Restate the entries below in full, exactly as they read, but without pictures.

Stored records

*** Begin section ***

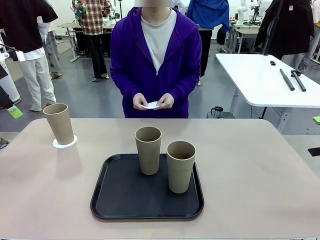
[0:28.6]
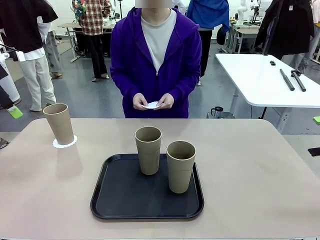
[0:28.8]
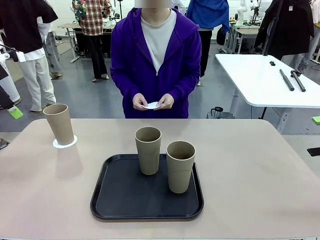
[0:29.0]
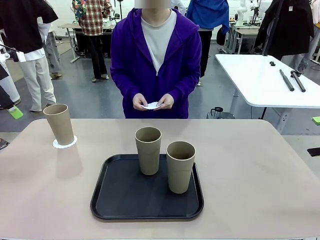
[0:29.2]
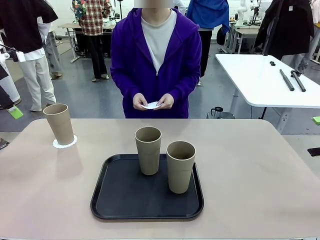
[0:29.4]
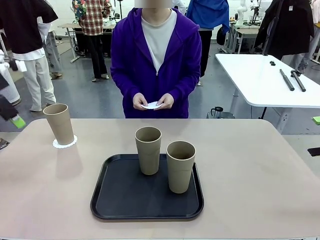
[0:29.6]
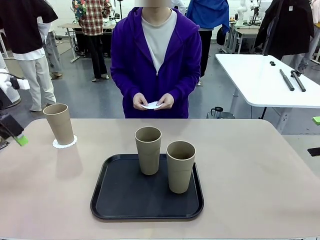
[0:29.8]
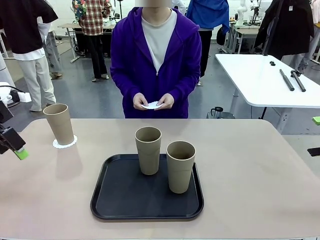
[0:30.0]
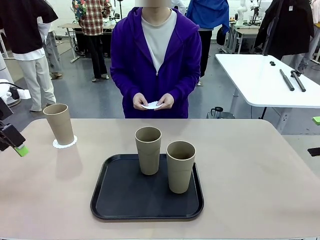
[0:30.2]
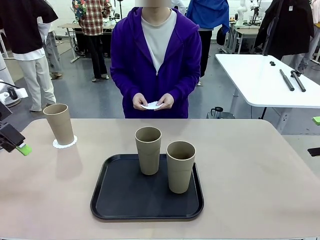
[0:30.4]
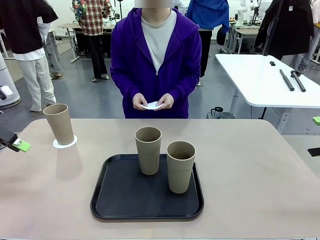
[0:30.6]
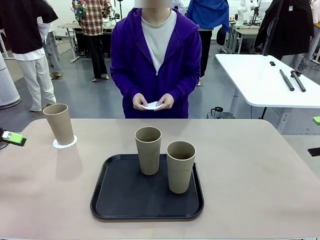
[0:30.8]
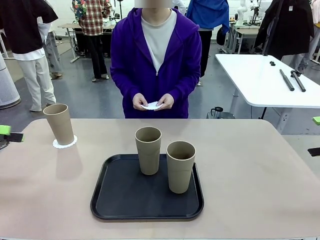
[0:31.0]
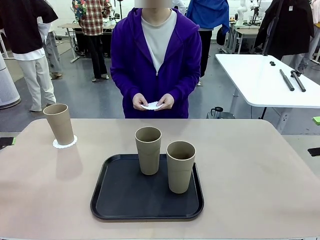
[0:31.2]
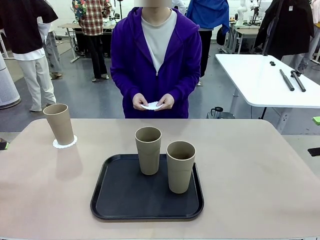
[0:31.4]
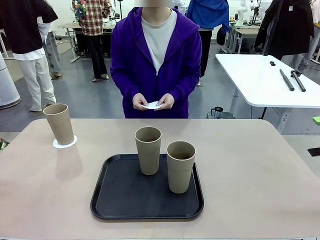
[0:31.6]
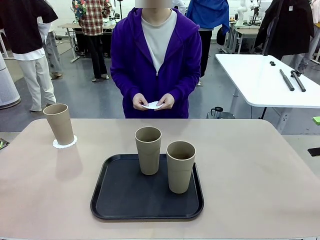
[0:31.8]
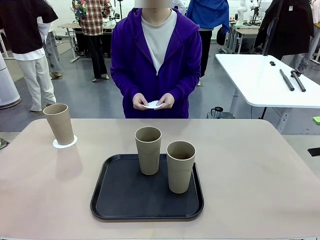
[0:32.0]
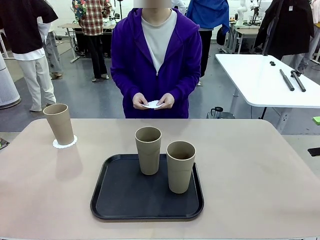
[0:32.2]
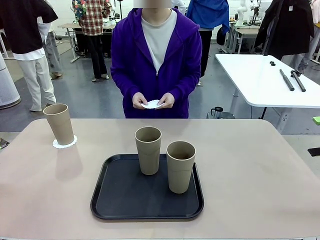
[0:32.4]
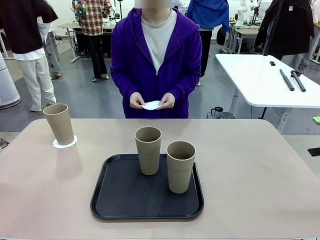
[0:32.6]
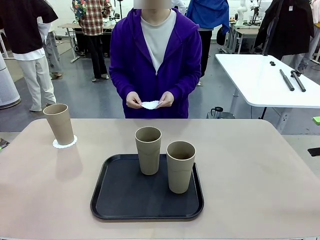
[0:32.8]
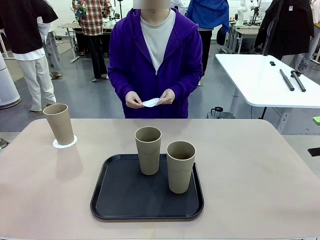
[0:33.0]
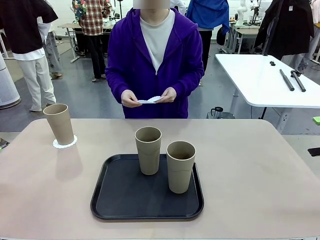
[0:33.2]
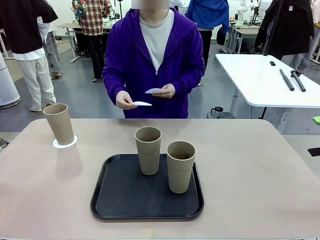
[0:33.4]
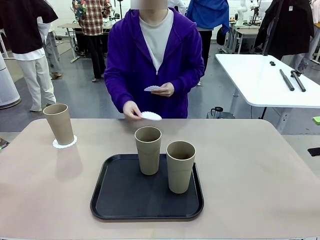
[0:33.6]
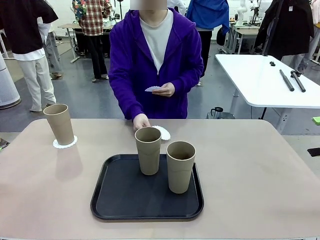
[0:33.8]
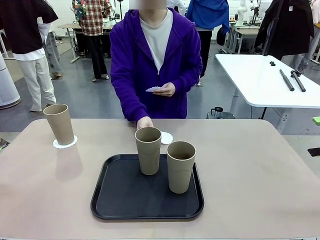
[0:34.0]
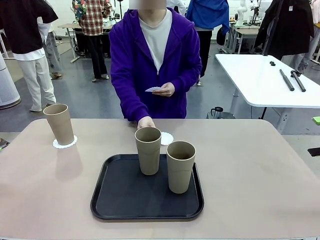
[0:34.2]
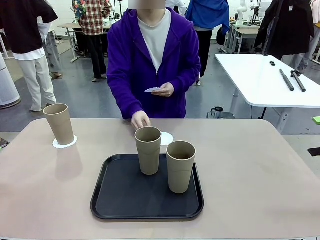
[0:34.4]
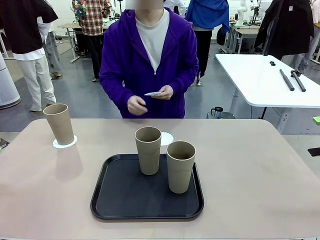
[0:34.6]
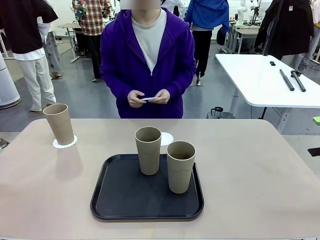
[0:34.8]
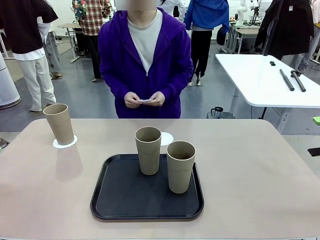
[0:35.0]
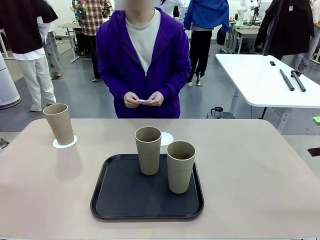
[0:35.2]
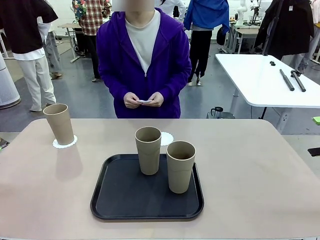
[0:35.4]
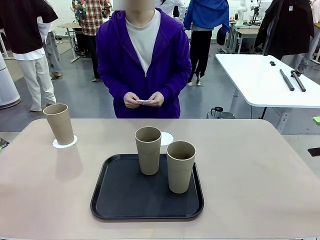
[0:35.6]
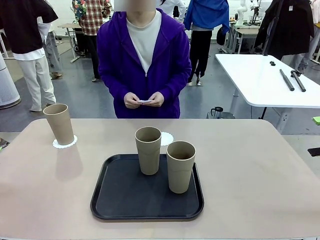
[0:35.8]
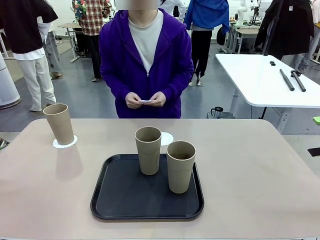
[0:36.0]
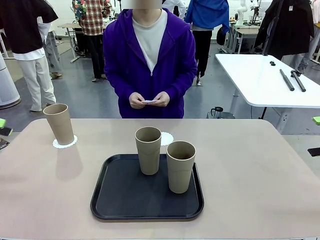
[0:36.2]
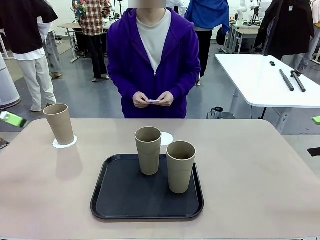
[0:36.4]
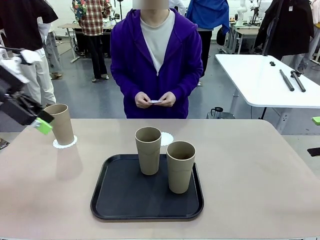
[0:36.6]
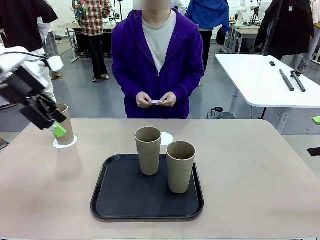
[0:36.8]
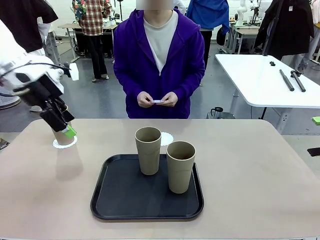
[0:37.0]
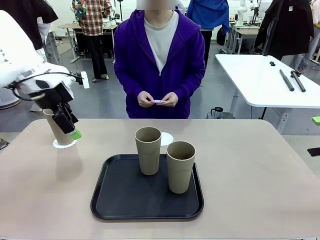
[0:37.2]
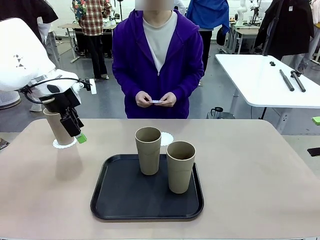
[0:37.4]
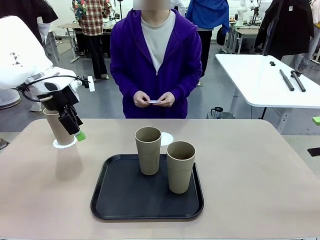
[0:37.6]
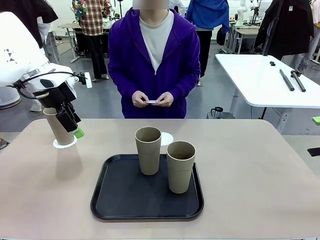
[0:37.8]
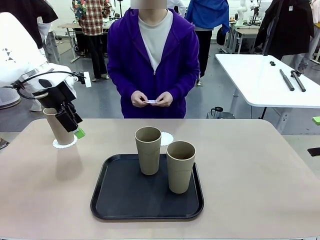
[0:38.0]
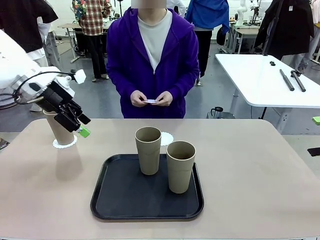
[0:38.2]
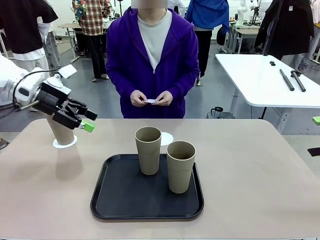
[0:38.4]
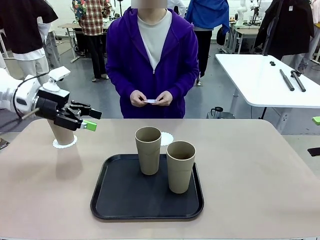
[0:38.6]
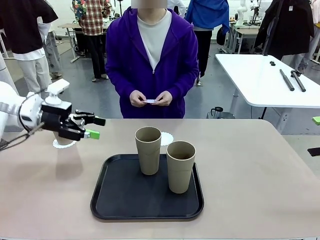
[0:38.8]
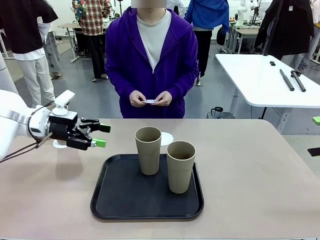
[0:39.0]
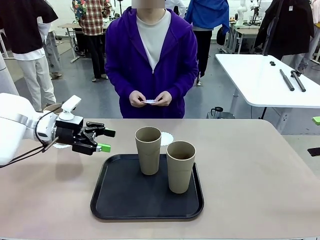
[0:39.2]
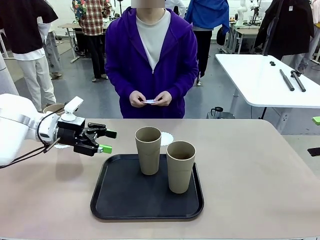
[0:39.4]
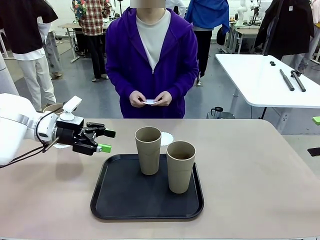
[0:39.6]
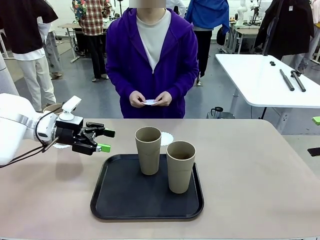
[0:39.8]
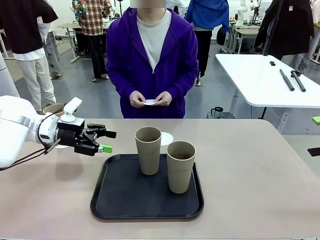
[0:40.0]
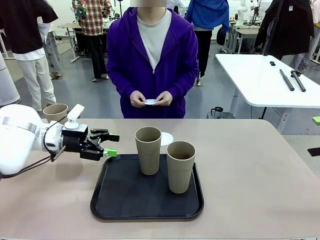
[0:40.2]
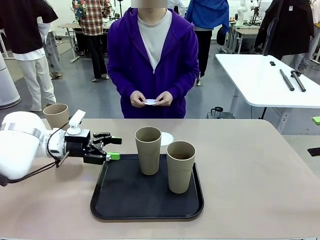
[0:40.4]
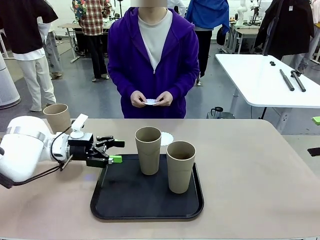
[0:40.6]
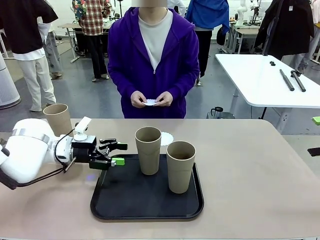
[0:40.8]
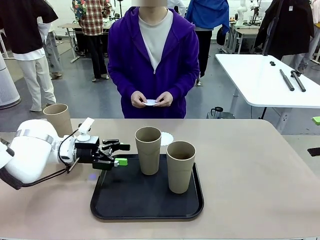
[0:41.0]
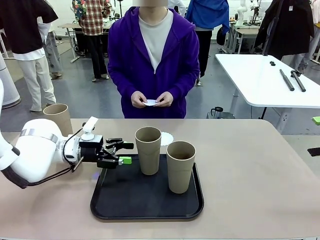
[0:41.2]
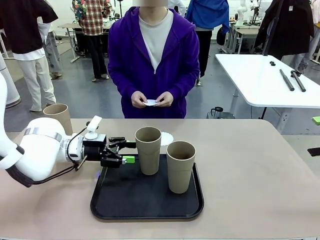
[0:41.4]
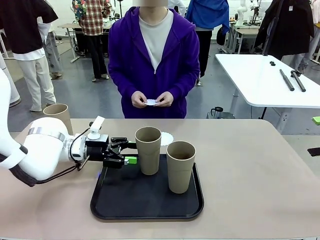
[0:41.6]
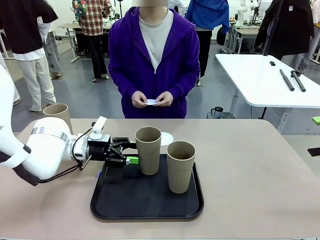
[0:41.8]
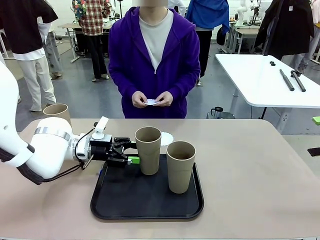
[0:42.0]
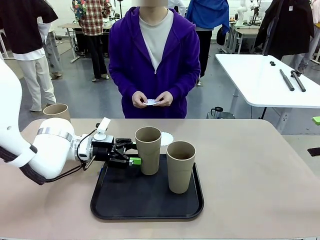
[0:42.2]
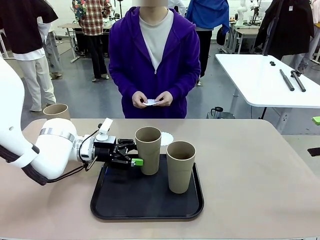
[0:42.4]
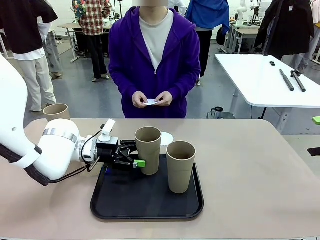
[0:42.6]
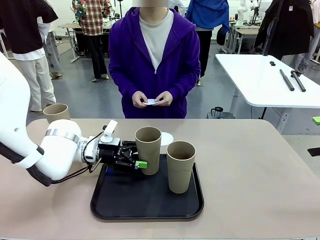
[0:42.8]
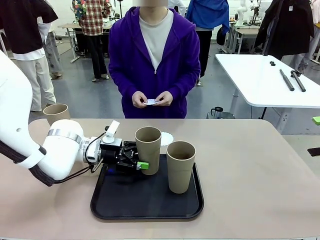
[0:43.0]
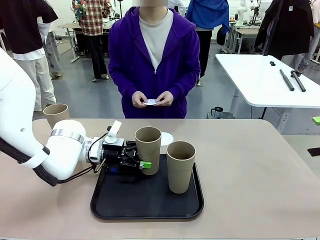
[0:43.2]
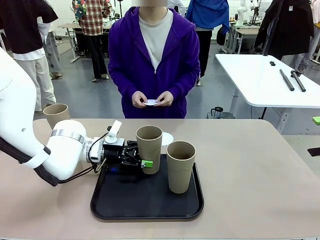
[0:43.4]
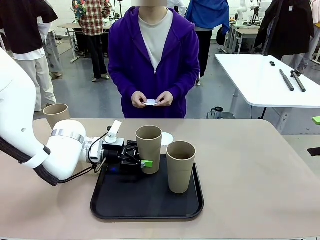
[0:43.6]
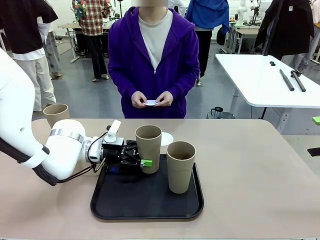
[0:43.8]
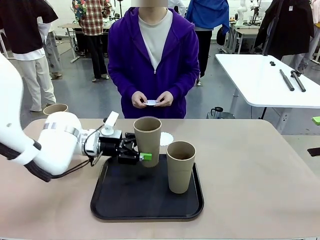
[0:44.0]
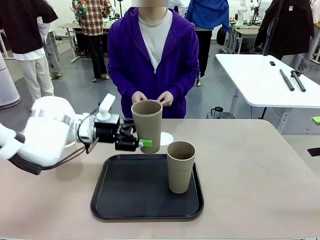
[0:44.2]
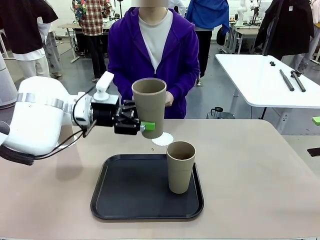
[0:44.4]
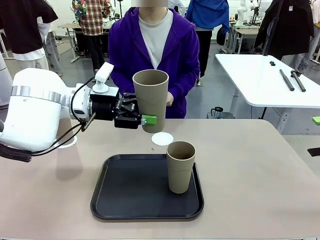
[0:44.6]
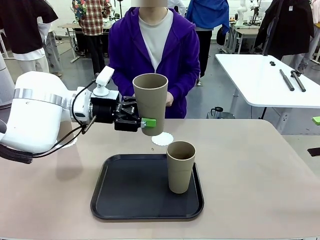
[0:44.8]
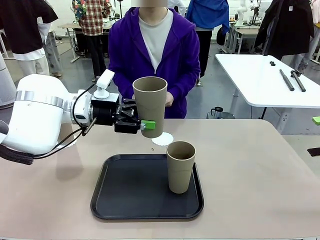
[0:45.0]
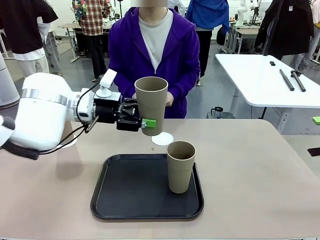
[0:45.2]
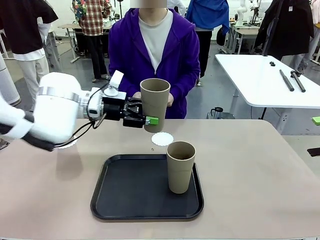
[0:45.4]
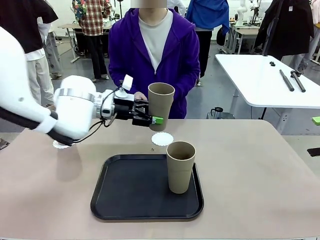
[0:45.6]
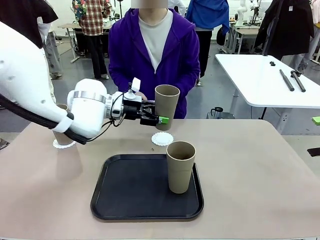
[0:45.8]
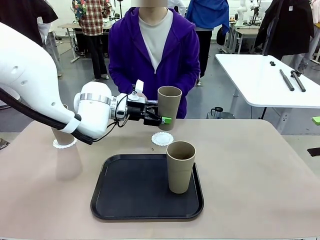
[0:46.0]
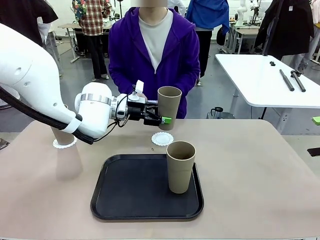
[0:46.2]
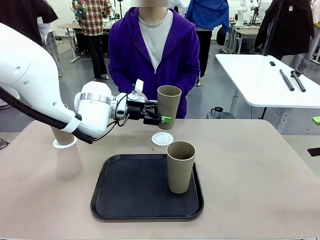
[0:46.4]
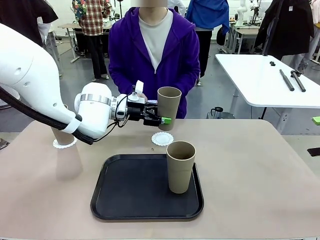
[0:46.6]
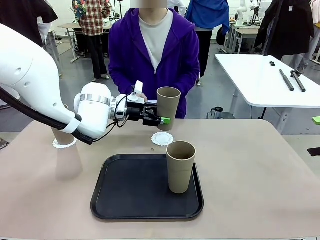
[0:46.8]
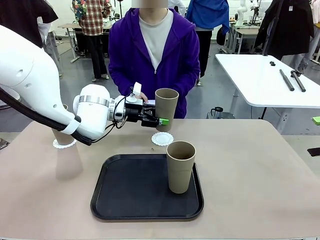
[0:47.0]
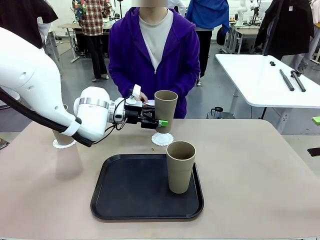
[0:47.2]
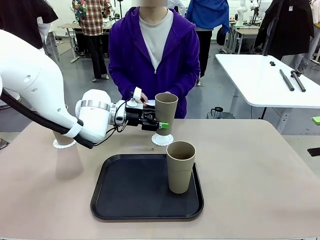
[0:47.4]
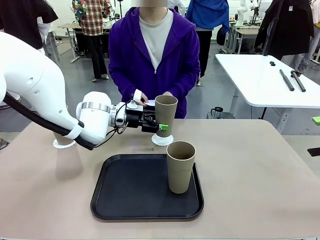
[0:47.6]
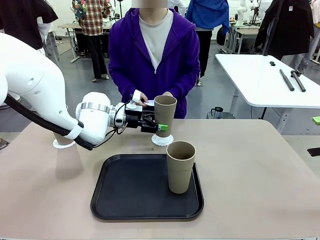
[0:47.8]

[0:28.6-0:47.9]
Task: Place coasters on the table and set cups on them.
Robot: Take one Reusable plastic cup from the Flat Tray and place it on a coaster set by the human.

*** End section ***

◆ Written response
[0:28.6]
[0:28.8]
[0:29.0]
[0:29.2]
[0:29.4]
[0:29.6]
[0:29.8]
[0:30.0]
[0:30.2]
[0:30.4]
[0:30.6]
[0:30.8]
[0:31.0]
[0:31.2]
[0:31.4]
[0:31.6]
[0:31.8]
[0:32.0]
[0:32.2]
[0:32.4]
[0:32.6]
[0:32.8]
[0:33.0]
[0:33.2]
[0:33.4]
[0:33.6]
[0:33.8]
[0:34.0]
[0:34.2]
[0:34.4]
[0:34.6]
[0:34.8]
[0:35.0]
[0:35.2]
[0:35.4]
[0:35.6]
[0:35.8]
[0:36.0]
[0:36.2]
[0:36.4]
[0:36.6]
[0:36.8]
[0:37.0]
[0:37.2]
[0:37.4]
[0:37.6]
[0:37.8]
[0:38.0]
[0:38.2]
[0:38.4]
[0:38.6]
[0:38.8]
[0:39.0]
[0:39.2]
[0:39.4]
[0:39.6]
[0:39.8]
[0:40.0]
[0:40.2]
[0:40.4]
[0:40.6]
[0:40.8]
[0:41.0]
[0:41.2]
[0:41.4]
[0:41.6]
[0:41.8]
[0:42.0]
[0:42.2]
[0:42.4]
[0:42.6]
[0:42.8]
[0:43.0]
[0:43.2]
[0:43.4]
[0:43.6]
[0:43.8]
[0:44.0]
[0:44.2]
[0:44.4]
[0:44.6]
[0:44.8]
[0:45.0]
[0:45.2]
[0:45.4]
[0:45.6]
[0:45.8]
[0:46.0]
[0:46.2]
[0:46.4]
[0:46.6]
[0:46.8]
[0:47.0]
[0:47.2]
[0:47.4]
[0:47.6]
[0:47.8]

[0:28.6-0:47.9]
Task: Place coasters on the table and set cups on them.
Robot: Take one Reusable plastic cup from the Flat Tray and place it on a coaster set by the human.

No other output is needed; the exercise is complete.